Nvidia has announced a trio of RTX-series graphics cards, some of which will be available as of tomorrow, September 20th, including the Geforce RTX 2070, Geforce RTX 2080, and the Geforce RTX 2080 Ti.
The flagship Geforce RTX 2080 Ti is based on the Turing TU102 GPU and packs a total of 4,352 CUDA cores (in six graphics processing clusters (GPCs), 68 streaming multiprocessors (SMs) and 34 TPCs), 72 RT Cores, a total of 544 Tensor Cores (eight per SM).
It packs 11264MB of GDDR6 14Gbps memory on a 352-bit memory interface for a total memory bandwidth of 616Gbps. Bear in mind that the GTX 2080 Ti uses a cut-down TU102 GPU, while the fully-enabled one, with 4,608 CUDA cores, 576 Tensor Cores and 72 RT cores, is reserved for the Quadro RTX 6000.
The Nvidia Geforce RTX 2080 is based on the Turing TU104 GPU, and it is still not a fully-enabled TU104, which leaves a bit room for a possible different SKU based on the same GPU. The TU104 for the Geforce RTX 2080 still features six GPCs, but it has two SMs per GPC disabled, leaving it with a total of 2,944 CUDA cores, 46 RT Cores, and 368 Tensor cores. It comes with 8GB of GDDR6 14Gbps memory on a 256-bit wide memory interface, leaving it with a memory bandwidth of 448Gbps.
The GTX 2070, which comes at a later date, is based on a smaller TU106 GPU, and while there was room to further cut-down the TU104 GPU, it appears that Nvidia is leaving room for a possible RTX 2070 Ti as well.
The TU106 GPU is pretty much the half of TU102 GPU, as it has three GPCs, each with 12 SMs, leaving the RTX 2070 with 2,304 CUDA cores, 36 RT cores, and 288 Tensor Cores. It is also worth to note that TU106 lacks NVLink interface, which is a new higher-bandwidth interface for connecting multiple (read two) graphics cards.
The new Turing architecture in more details
The Turing GPU has a complex design, which brings a new core architecture, Tensor and RT Cores, as well as advanced shading, Nvidia NGX for deep learning, NVLink, USB-C and Virtual Link, and more.
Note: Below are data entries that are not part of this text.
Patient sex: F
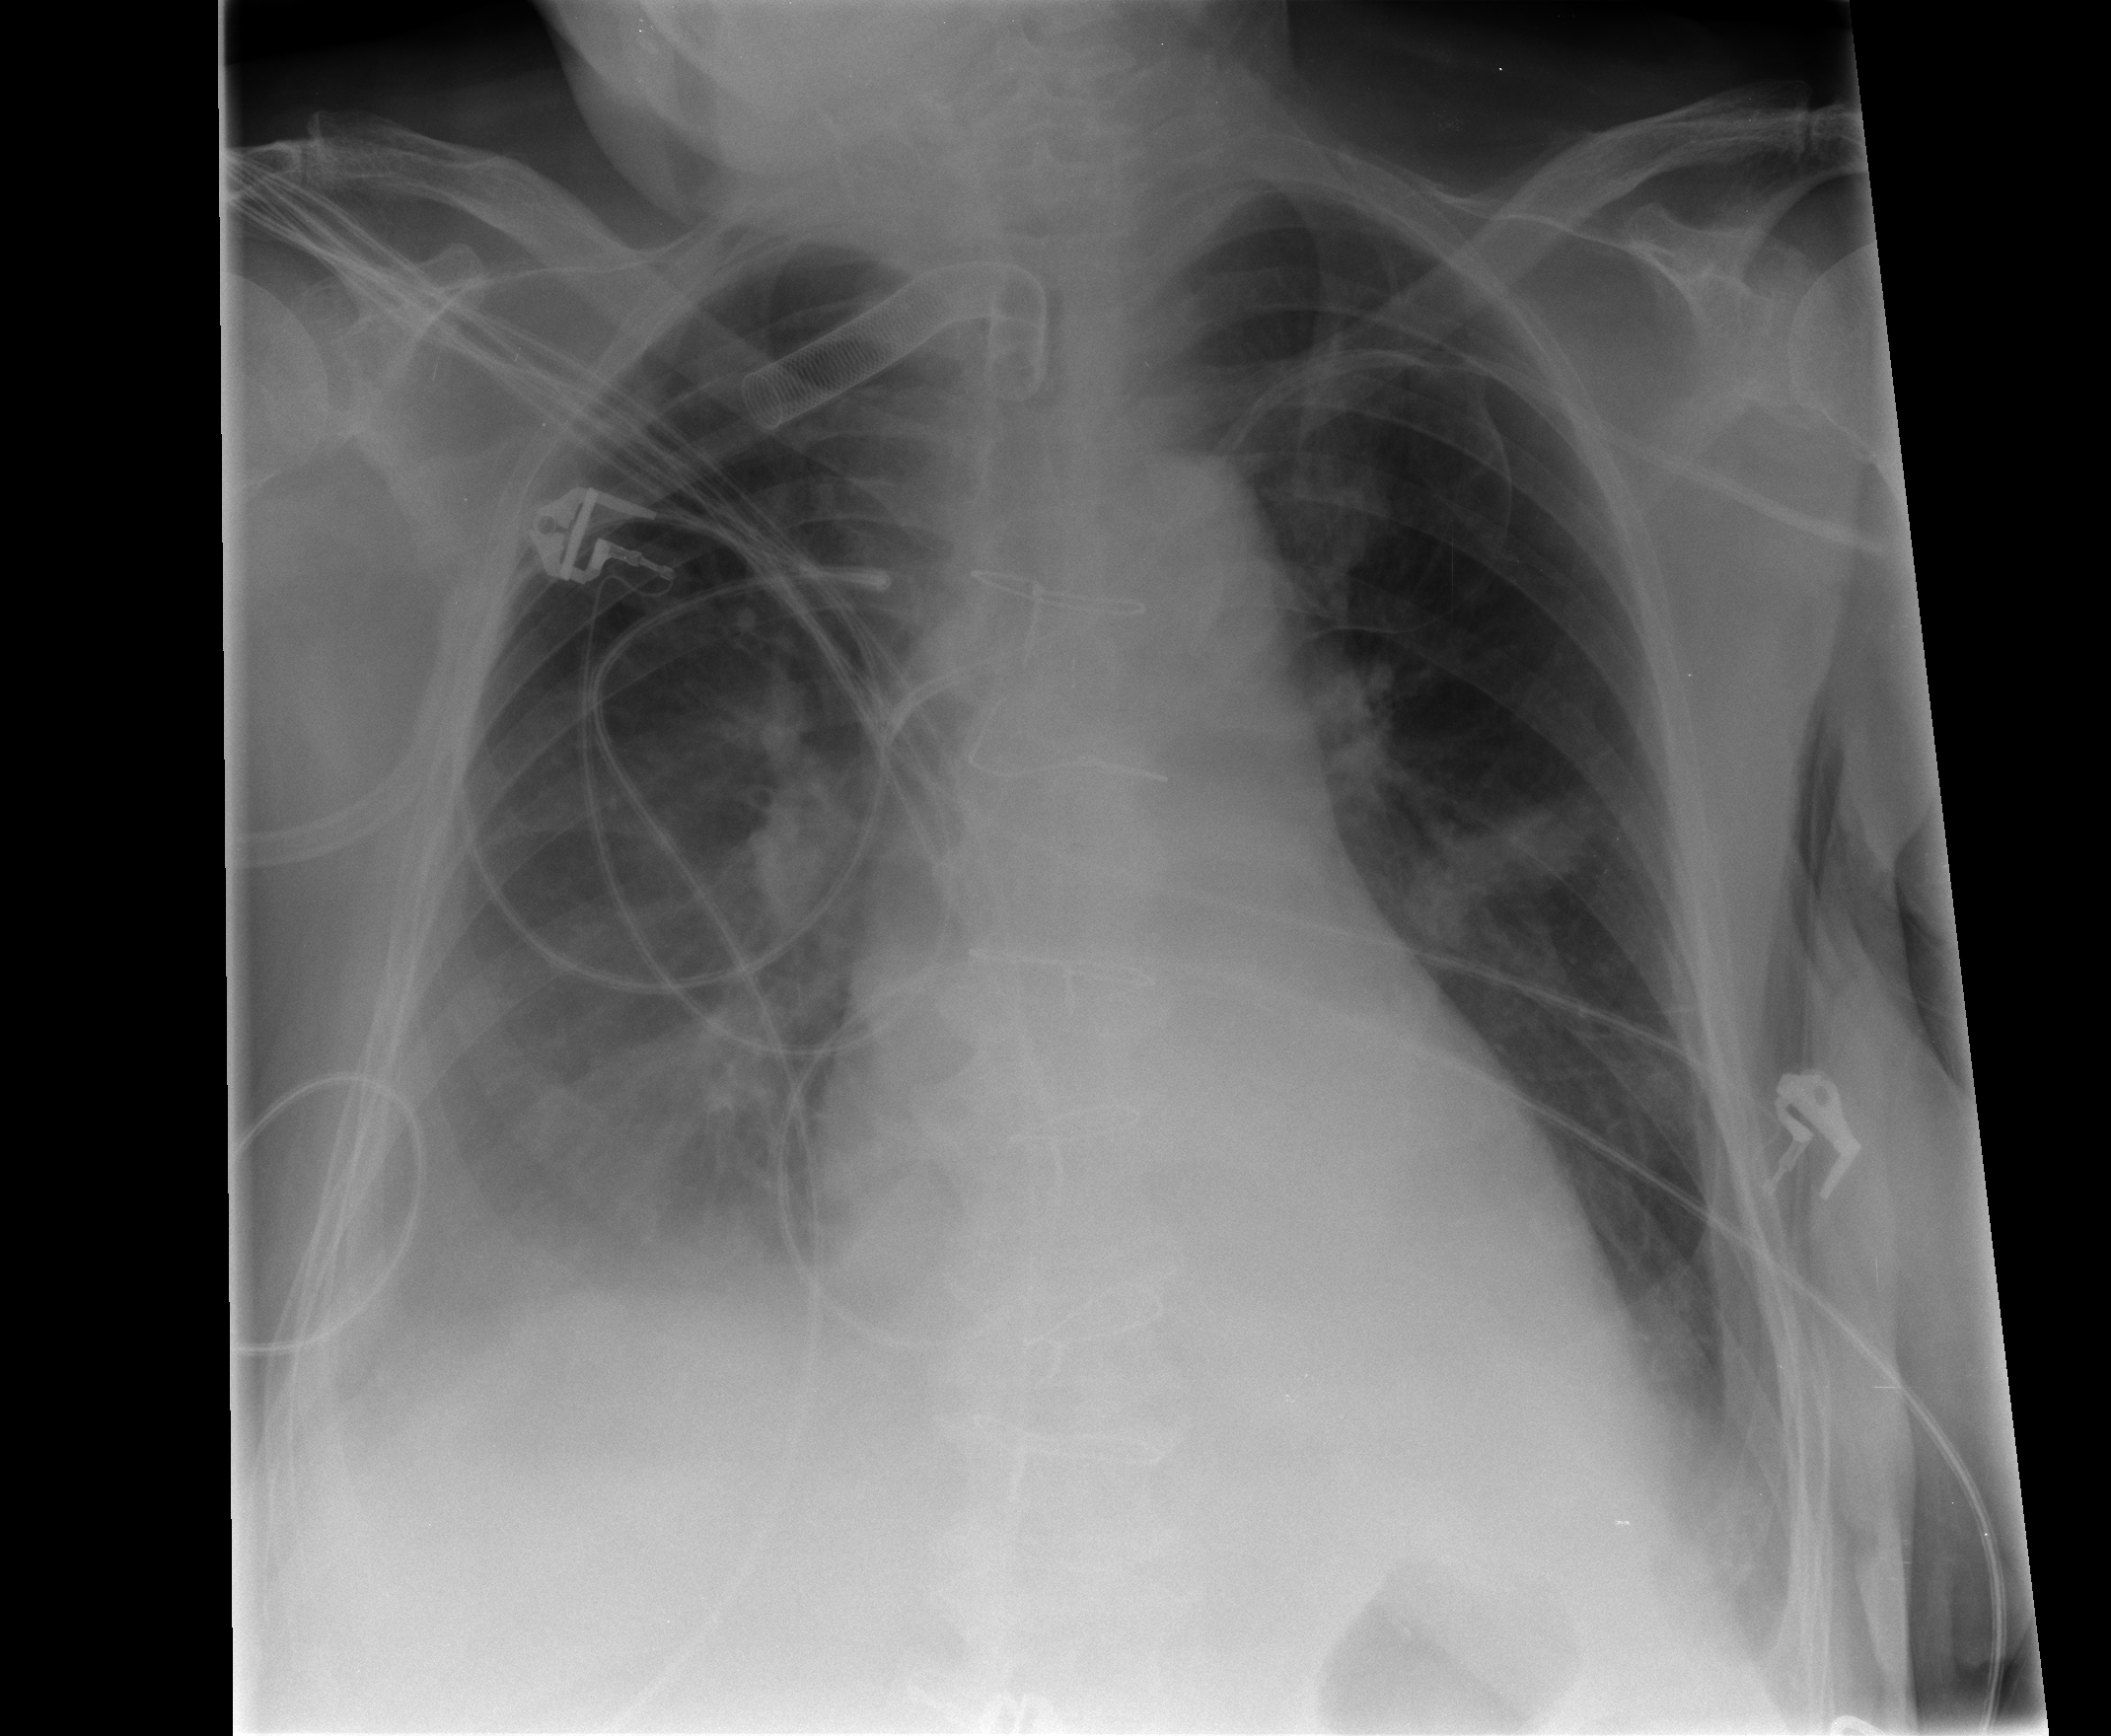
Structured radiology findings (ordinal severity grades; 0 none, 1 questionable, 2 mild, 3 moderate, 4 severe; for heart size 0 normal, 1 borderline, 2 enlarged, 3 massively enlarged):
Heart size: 2
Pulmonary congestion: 1
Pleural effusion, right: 2
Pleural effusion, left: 2
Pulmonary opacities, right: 1
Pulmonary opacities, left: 1
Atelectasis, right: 3
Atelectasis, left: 2

The Turing GPU is based on 12nm FNN manufacturing process, and at 18 billion transistors, it is the second biggest GPU Nvidia made.
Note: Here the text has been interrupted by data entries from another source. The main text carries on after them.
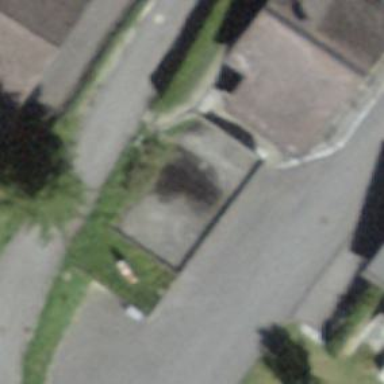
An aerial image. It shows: Garage building.
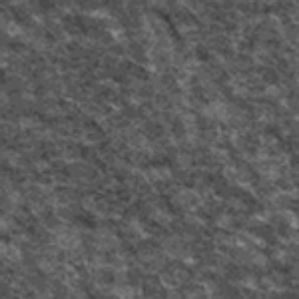
Label: frost
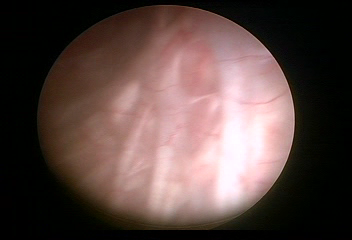
Modality: WLC
Class: Normal mucosa
Bladder cancer association: No
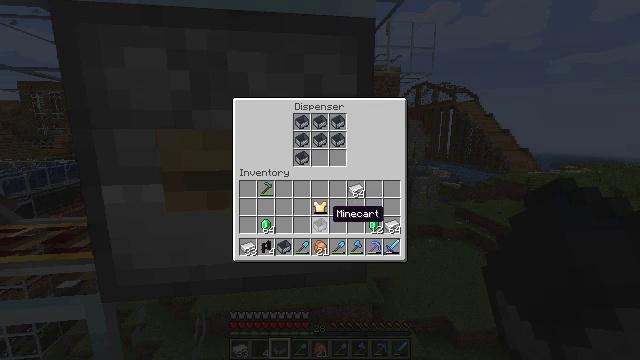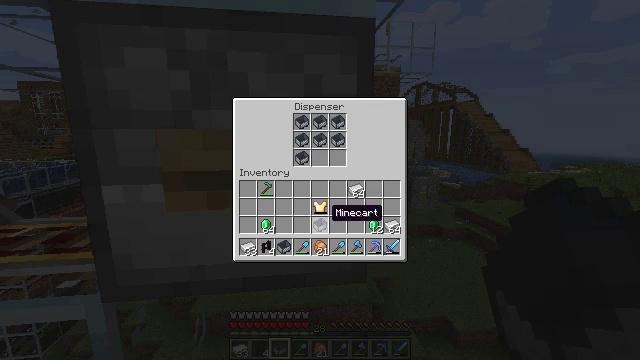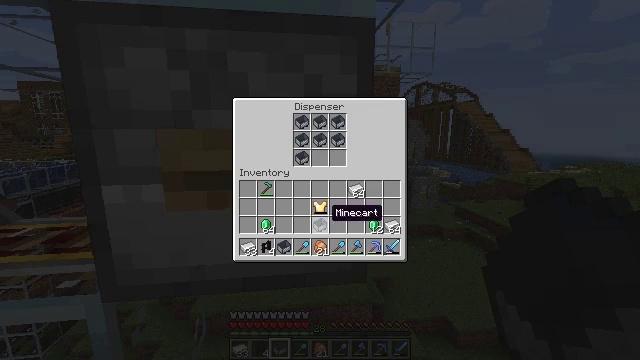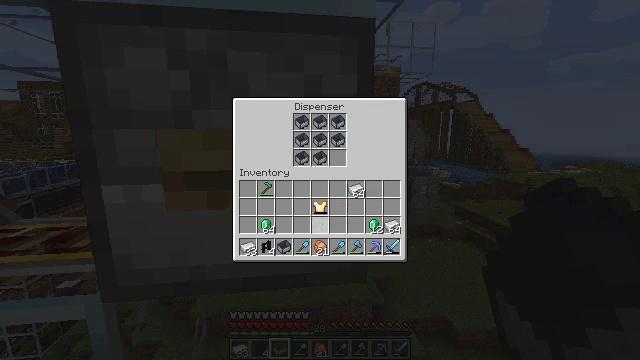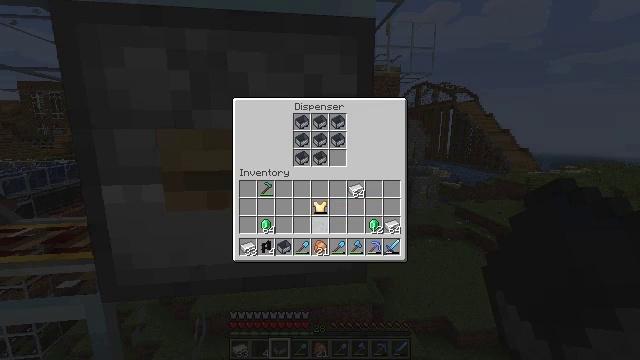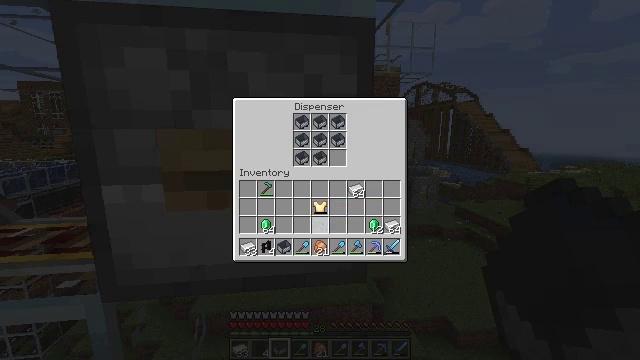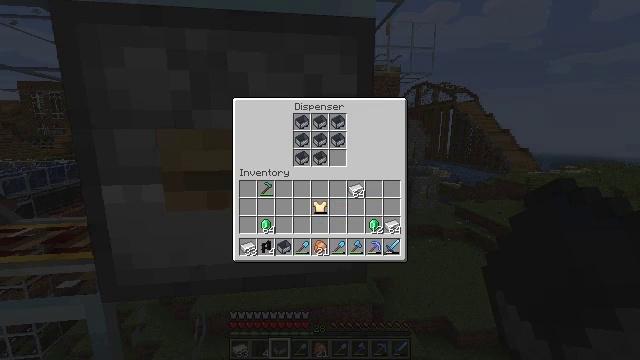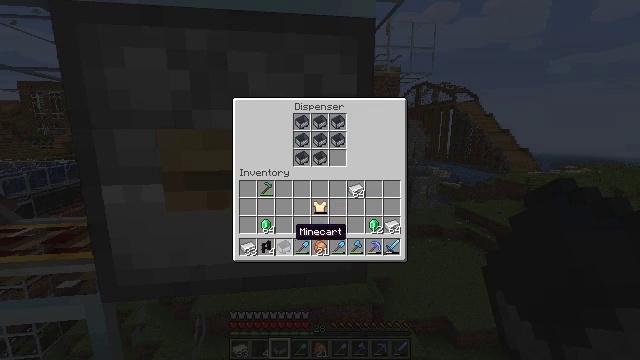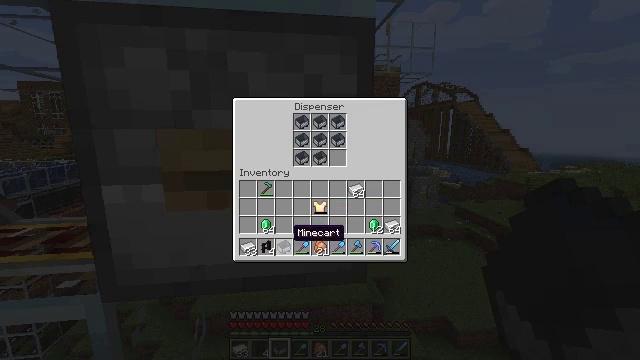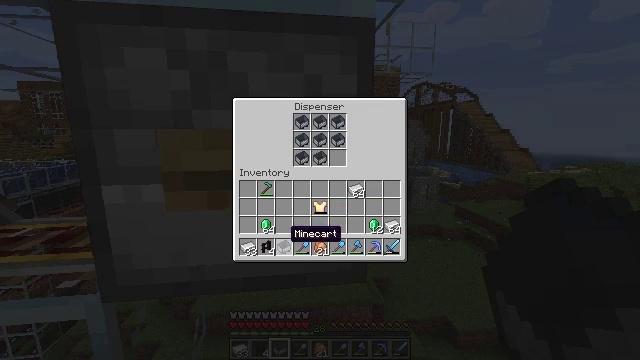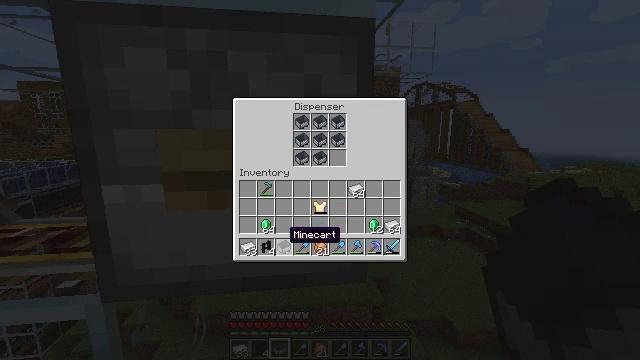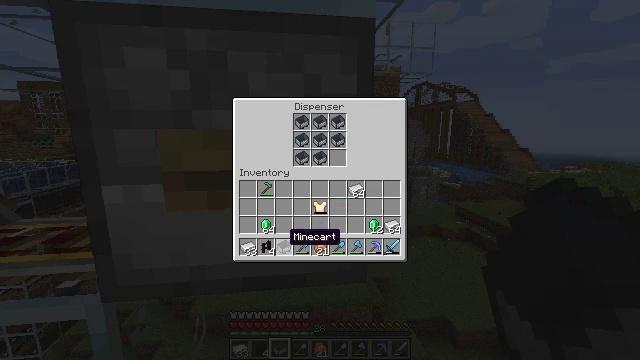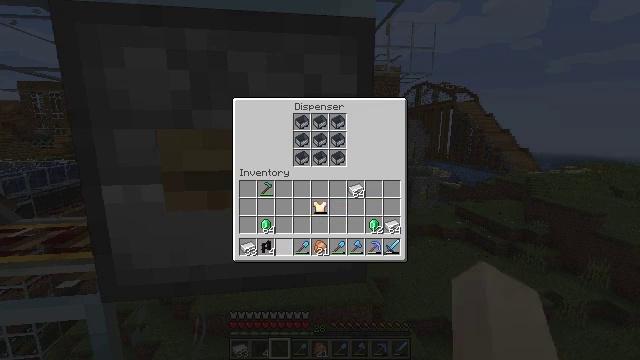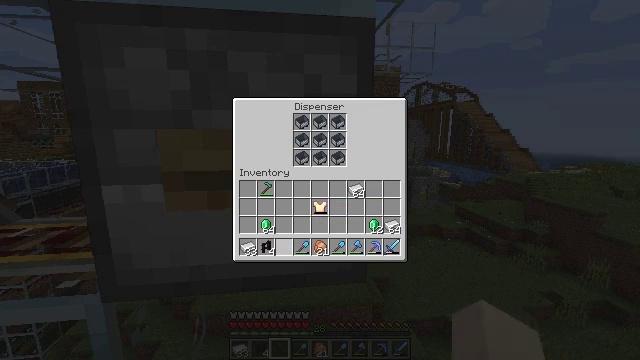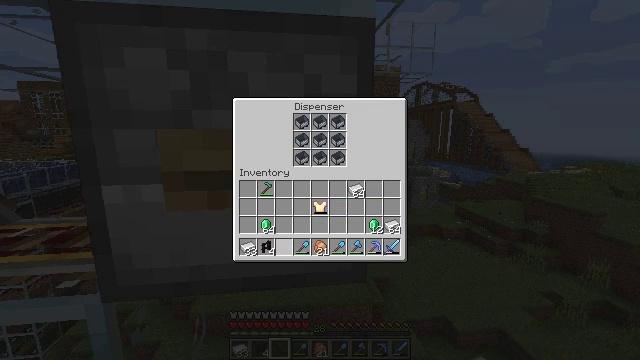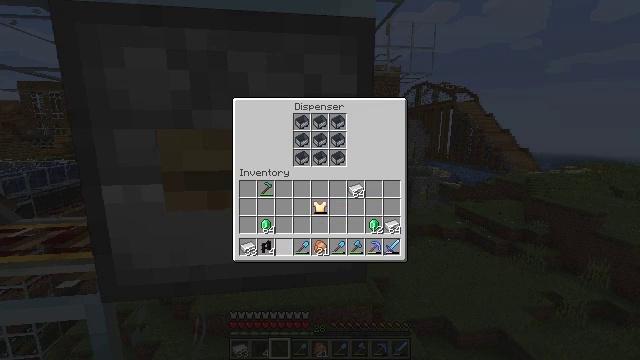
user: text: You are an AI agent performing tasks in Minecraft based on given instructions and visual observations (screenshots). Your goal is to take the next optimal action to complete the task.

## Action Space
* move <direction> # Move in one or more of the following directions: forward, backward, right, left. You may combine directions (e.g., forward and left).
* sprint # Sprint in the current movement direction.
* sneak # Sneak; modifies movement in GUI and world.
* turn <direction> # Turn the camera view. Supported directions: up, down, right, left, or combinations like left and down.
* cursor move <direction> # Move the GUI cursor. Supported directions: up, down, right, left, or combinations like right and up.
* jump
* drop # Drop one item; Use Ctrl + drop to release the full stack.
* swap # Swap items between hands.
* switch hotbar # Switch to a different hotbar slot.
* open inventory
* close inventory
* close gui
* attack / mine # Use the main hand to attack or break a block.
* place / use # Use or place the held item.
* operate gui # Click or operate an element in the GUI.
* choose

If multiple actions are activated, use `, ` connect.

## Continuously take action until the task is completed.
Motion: motion action
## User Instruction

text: Drop a nether brick fence.
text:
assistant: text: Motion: sneak
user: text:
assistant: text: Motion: sneak
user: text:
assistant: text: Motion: sneak, operate gui
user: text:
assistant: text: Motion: sneak, operate gui
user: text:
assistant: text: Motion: sneak, cursor move left
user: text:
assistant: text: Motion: sneak, cursor move left and down
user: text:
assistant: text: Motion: sneak
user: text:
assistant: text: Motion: sneak
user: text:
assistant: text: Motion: sneak
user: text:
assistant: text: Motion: sneak
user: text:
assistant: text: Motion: sneak
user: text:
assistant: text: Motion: sneak, operate gui
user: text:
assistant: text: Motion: sneak, operate gui
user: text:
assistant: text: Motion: sneak, operate gui
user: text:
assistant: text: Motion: sneak
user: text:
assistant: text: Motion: sneak
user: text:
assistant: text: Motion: sneak
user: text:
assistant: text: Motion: sneak
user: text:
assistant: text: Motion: sneak
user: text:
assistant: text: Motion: sneak
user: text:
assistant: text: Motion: sneak
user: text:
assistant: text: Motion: sneak
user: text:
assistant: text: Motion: sneak, cursor move right
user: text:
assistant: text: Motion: sneak
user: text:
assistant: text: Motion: sneak
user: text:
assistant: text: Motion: sneak
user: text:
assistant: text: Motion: sneak
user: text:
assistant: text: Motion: sneak
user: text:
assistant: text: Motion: sneak
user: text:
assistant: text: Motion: sneak

The fully-enabled TU102 GPU features a total of six Graphics Processing Clusters (GPCs), 36 Texture Processing Clusters (TPCs), and 72 Streaming Multiprocessors (SMs). Each GPC comes with its dedicated raster engine and six TPCs.
Each TPC comes with two SMs, each with 64 CUDA cores, eight Tensor Cores, a 256KB register file, four texture units and 96KB of L1/shared memory, as well as an RT core. When compared to the Pascal GPU, Nvidia raised the L1 cache bandwidth and lower the L1 latency, by using the shared 96KB memory and also doubled the L2 cache to 6MB per TPC.
The new Turing Streaming Multiprocessor (SM) pulls some features from the Volta architecture and each SM is split into four blocks, each with 16 FP32 Cores, 16 INT32 Cores, two Tensor Cores, warp scheduler, and dispatch unit, with each block coming with L0 instruction cache and a 64KB register file.
While the Pascal GPU stuck with one SM per TPC and 128 FP32 cores per SM, the Turing SM actually support concurrent execution of FP32 and IN32 instructions. According to Nvidia, modern applications usually have 36 integer pipe (INT) instructions for every 100 floating point (FP) instructions, so by moving them to a separate pipe, translates to an effective 36 percent addition throughput for floating point.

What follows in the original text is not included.